Improving Educational Outcomes
This project focuses on top-down politically initiated measures for increased equality and bottom-up local initiatives to strengthen the compensatory capacity of schools in marginalised areas of large cities and in rural areas. We aim to study and compare initiatives for improvement in schools with low academic achievement, examining how they are initiated and implemented and the extent to which they both contribute to students’ knowledge development and create conditions for more-equal life opportunities. At present, there is little systematic knowledge about the effects of the different types of initiative and how they are designed and adapted to the contexts that constitute large cities and rural areas. The project uses a mixed-method approach combining i) a survey with staff members at a selection of schools from across the country in large cities and rural areas; and ii) ethnographic methods by which we study three schools in marginalised metropolitan areas and three rural schools that have improved their results over the past five years. A key contribution is the project’s ability to show how financial, organisational, social and educational initiatives can work together to create favourable conditions for learning.

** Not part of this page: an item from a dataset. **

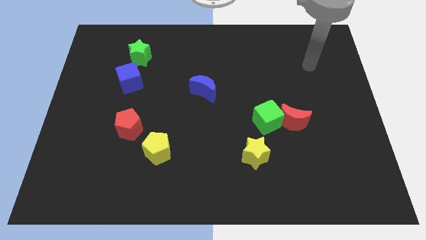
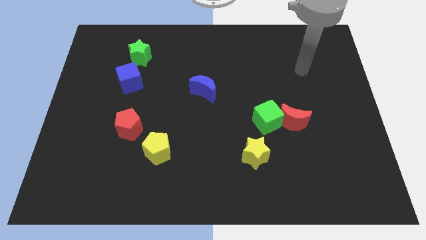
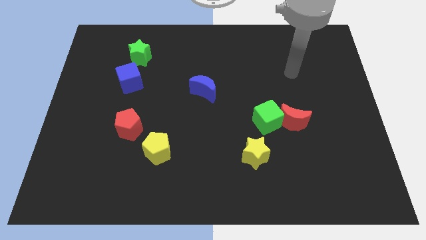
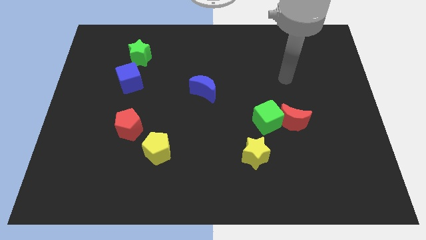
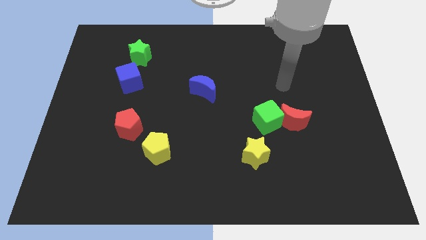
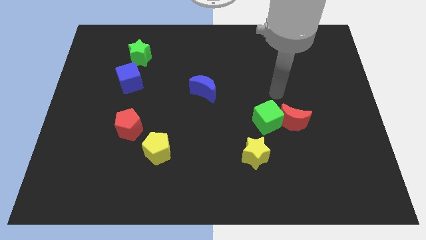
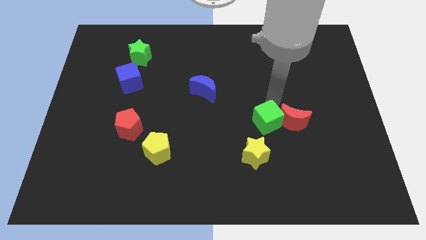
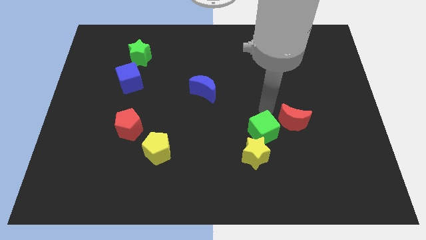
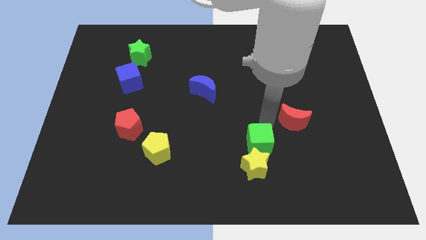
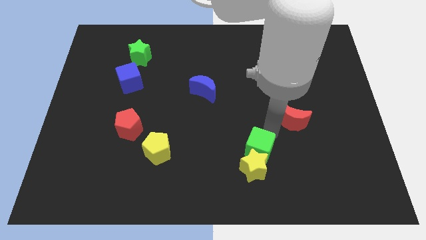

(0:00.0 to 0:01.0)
separate the red moon from the green cube

Negotiated Mobility and Belonging
An increasing share of Sweden’s foreign-born population is living in small towns and rural areas. Many of these immigrants are young, and many are recently arrived during the 2015 refugee reception that made rural areas into immigration destinations through dispersal policies. At the same time, there is also a general trend of rural emigration, particularly among young people who are drawn to the education and labour market opportunities of larger cities. Young people in rural areas, and immigrant youth in particular, are therefore confronted with conflicting norms and institutional opportunities and constraints to leave or stay, making their transitions to adulthood into negotiations of mobility and belonging. Against this background, the project will explore how spatial and social mobility intersect during transitions to adulthood among young adults in Swedish rural municipalities characterized by transnational immigration and internal out-migration. To do this, the project will combine a quantitative survey where young adults are asked about their mobility trajectories so far, and in-depth qualitative interviews and ethnographic observations. Through the project’s focus on a context where mobility and belonging is always contested, and by applying an innovative theoretical framework that combines mobilities and careership theory, the project will destabilize sedentariness as a norm and contribute to a deeper understanding of migration and integration processes.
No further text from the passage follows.